→ Try it:
Retype the data that follows exactly. No pictures belong in the copy.

→ Material for this task:
+++

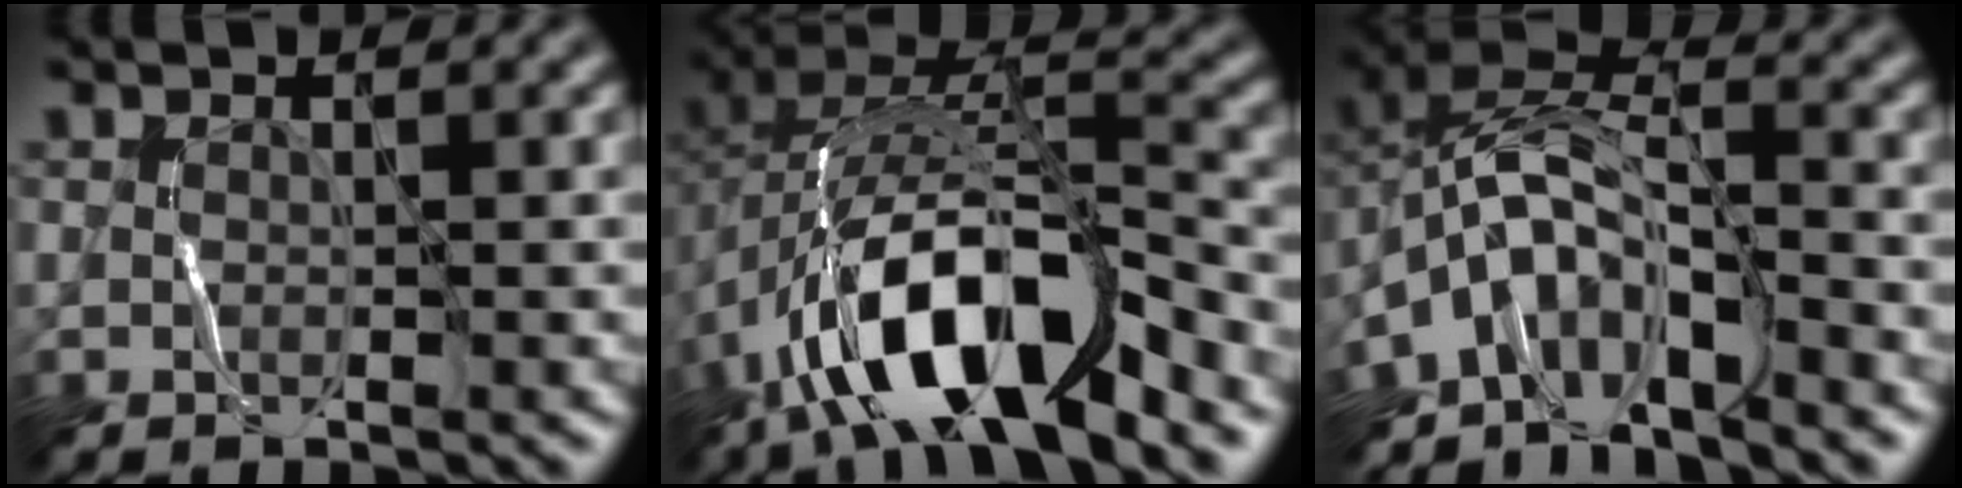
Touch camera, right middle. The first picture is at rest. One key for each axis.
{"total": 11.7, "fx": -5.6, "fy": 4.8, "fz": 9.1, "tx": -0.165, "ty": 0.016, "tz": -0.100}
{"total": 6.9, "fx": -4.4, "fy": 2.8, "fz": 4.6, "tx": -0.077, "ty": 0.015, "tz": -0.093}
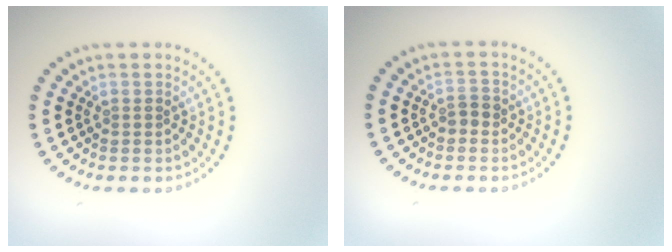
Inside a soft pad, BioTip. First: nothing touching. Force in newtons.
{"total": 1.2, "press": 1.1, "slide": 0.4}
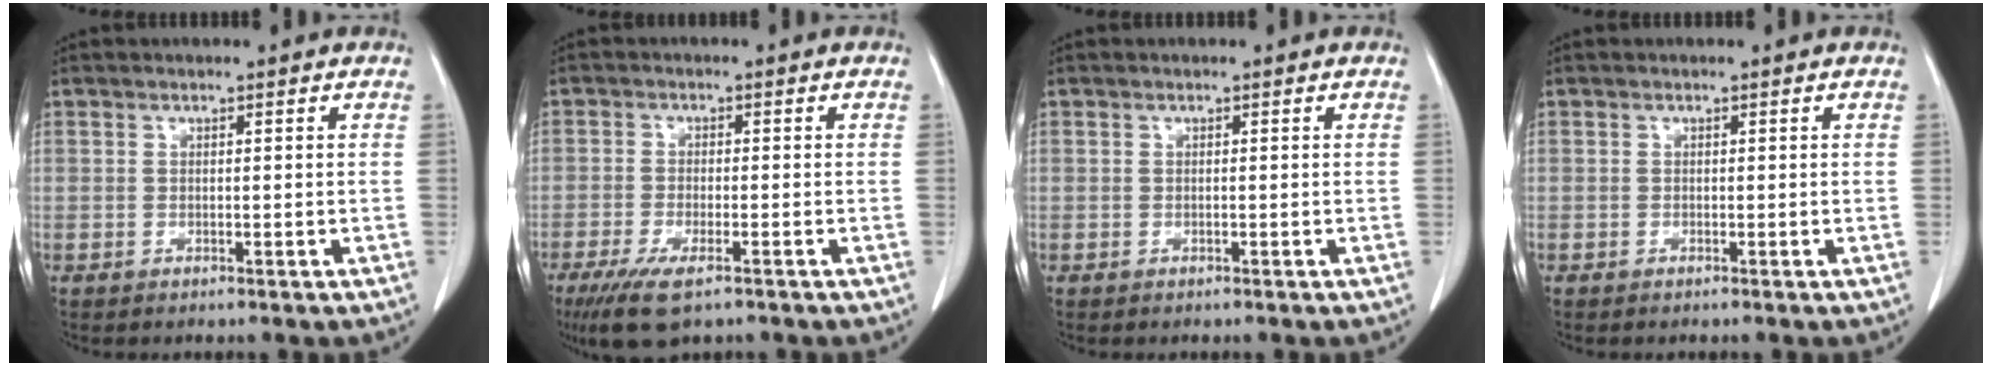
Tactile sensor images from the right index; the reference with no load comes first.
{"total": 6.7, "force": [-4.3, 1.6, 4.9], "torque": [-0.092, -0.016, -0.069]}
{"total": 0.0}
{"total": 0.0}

+++

→ Written answer:
Touch camera, right middle. The first picture is at rest. One key for each axis.
{"total": 11.7, "fx": -5.6, "fy": 4.8, "fz": 9.1, "tx": -0.165, "ty": 0.016, "tz": -0.100}
{"total": 6.9, "fx": -4.4, "fy": 2.8, "fz": 4.6, "tx": -0.077, "ty": 0.015, "tz": -0.093}
Inside a soft pad, BioTip. First: nothing touching. Force in newtons.
{"total": 1.2, "press": 1.1, "slide": 0.4}
Tactile sensor images from the right index; the reference with no load comes first.
{"total": 6.7, "force": [-4.3, 1.6, 4.9], "torque": [-0.092, -0.016, -0.069]}
{"total": 0.0}
{"total": 0.0}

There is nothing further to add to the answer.